Villaluenga desde el sendero de la Sima de Villaluenga.
Villaluenga la delgada
la más niña de estos montes
desde la bahía hermana
venimos para admirarte.
Villaluenga aparece fugaz al paso del viajero, produciendo en
él la impresión que solo a veces sacude la abstracción del que transita al
volante sobre la sinuosa cinta de asfalto, que en este caso, quiere mostrar su
respeto postrándose a los pies a su paso por el caserío.

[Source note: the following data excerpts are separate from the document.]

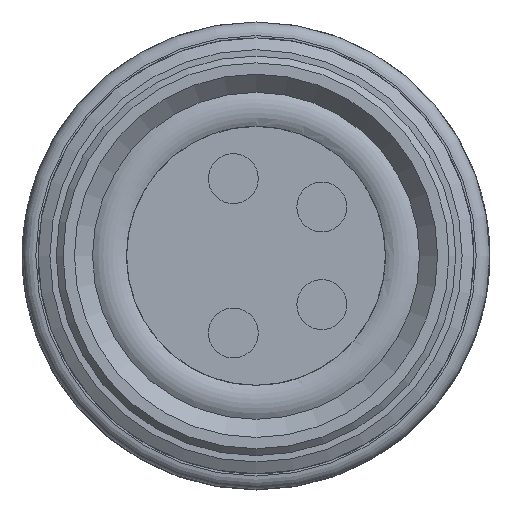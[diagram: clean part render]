
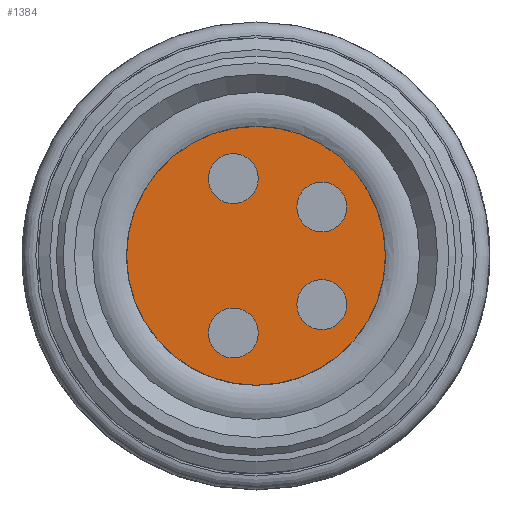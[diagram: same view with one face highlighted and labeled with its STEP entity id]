
A CAD part, front view. The second image highlights one B-rep face of the part: STEP entity #1384.
In plain terms, the highlighted planar face has unit normal (0, -1, 0).
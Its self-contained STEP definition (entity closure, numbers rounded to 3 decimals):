
#870=PLANE('',#5562);
#1384=ADVANCED_FACE('',(#1714,#1715,#1716,#1717,#1718),#870,.F.);
#1714=FACE_BOUND('',#2034,.T.);
#1715=FACE_BOUND('',#2035,.T.);
#1716=FACE_BOUND('',#2036,.T.);
#1717=FACE_BOUND('',#2037,.T.);
#1718=FACE_BOUND('',#2038,.T.);
#2034=EDGE_LOOP('',(#3104));
#2035=EDGE_LOOP('',(#3105));
#2036=EDGE_LOOP('',(#3106));
#2037=EDGE_LOOP('',(#3107));
#2038=EDGE_LOOP('',(#3108));
#3104=ORIENTED_EDGE('',*,*,#4541,.F.);
#3105=ORIENTED_EDGE('',*,*,#4540,.F.);
#3106=ORIENTED_EDGE('',*,*,#4539,.F.);
#3107=ORIENTED_EDGE('',*,*,#4538,.F.);
#3108=ORIENTED_EDGE('',*,*,#4542,.F.);
#3919=VERTEX_POINT('',#9355);
#3920=VERTEX_POINT('',#9358);
#3921=VERTEX_POINT('',#9361);
#3922=VERTEX_POINT('',#9364);
#3923=VERTEX_POINT('',#9367);
#4538=EDGE_CURVE('',#3919,#3919,#5015,.T.);
#4539=EDGE_CURVE('',#3920,#3920,#5016,.T.);
#4540=EDGE_CURVE('',#3921,#3921,#5017,.T.);
#4541=EDGE_CURVE('',#3922,#3922,#5018,.T.);
#4542=EDGE_CURVE('',#3923,#3923,#5019,.T.);
#5015=CIRCLE('',#5553,0.55);
#5016=CIRCLE('',#5555,0.55);
#5017=CIRCLE('',#5557,0.55);
#5018=CIRCLE('',#5559,0.55);
#5019=CIRCLE('',#5561,2.85);
#5553=AXIS2_PLACEMENT_3D('',#9354,#6764,#6765);
#5555=AXIS2_PLACEMENT_3D('',#9357,#6768,#6769);
#5557=AXIS2_PLACEMENT_3D('',#9360,#6772,#6773);
#5559=AXIS2_PLACEMENT_3D('',#9363,#6776,#6777);
#5561=AXIS2_PLACEMENT_3D('',#9366,#6780,#6781);
#5562=AXIS2_PLACEMENT_3D('',#9368,#6782,#6783);
#6764=DIRECTION('',(0.,-1.,0.));
#6765=DIRECTION('',(0.,0.,-1.));
#6768=DIRECTION('',(0.,-1.,0.));
#6769=DIRECTION('',(0.,0.,-1.));
#6772=DIRECTION('',(0.,-1.,0.));
#6773=DIRECTION('',(0.,0.,-1.));
#6776=DIRECTION('',(0.,-1.,0.));
#6777=DIRECTION('',(0.,0.,-1.));
#6780=DIRECTION('',(0.,1.,0.));
#6781=DIRECTION('',(1.,0.,0.));
#6782=DIRECTION('',(0.,1.,0.));
#6783=DIRECTION('',(-1.,0.,0.));
#9354=CARTESIAN_POINT('',(99.7,-5.546,-1.071));
#9355=CARTESIAN_POINT('',(99.7,-5.546,-1.621));
#9357=CARTESIAN_POINT('',(99.7,-5.546,1.079));
#9358=CARTESIAN_POINT('',(99.7,-5.546,0.529));
#9360=CARTESIAN_POINT('',(97.75,-5.546,1.704));
#9361=CARTESIAN_POINT('',(97.75,-5.546,1.154));
#9363=CARTESIAN_POINT('',(97.75,-5.546,-1.696));
#9364=CARTESIAN_POINT('',(97.75,-5.546,-2.246));
#9366=CARTESIAN_POINT('',(98.25,-5.546,0.004));
#9367=CARTESIAN_POINT('',(101.1,-5.546,0.004));
#9368=CARTESIAN_POINT('',(98.25,-5.546,0.004));

Es el momento de elegir entre la mirada atenta o el
comentario, y claro está, el veloz conductor elige la mirada para no perder
detalle de los perfiles de la luenga villa, pegada a las faldas de la mole
inmensa del Caíllo, pétrea paridora
de vida, pues el agua guarda en su seno y la entrega dando lugar a incontables
vivencias de moros, cristianos, bandoleros, escaseces incontables: vivencias; y
por fin, de animosos andarines trotadores que buscan en ella el solaz, el refrigerio
y el deleite que la naturaleza les ofrece. Bella Natura, que en Villaluenga, se
place derramar su gracia dispersa desde las honduras insondables de la entraña de
la montaña misma a los inmensos llanos, y desde ellos, trepando por las
abruptas lomas, hasta encontrar el paradero donde vigila el águila, y el buitre
exhibe con alada majestad su eterna danza, esa que en su girar y girar
ascendente, nos recuerda el camino que un día esperamos encontrar allá, en ese
lugar impreciso e ignoto del firmamento, donde reside al fin nuestra esperanza,
mi Esperanza, ni más ni menos que el nombre de mi madre.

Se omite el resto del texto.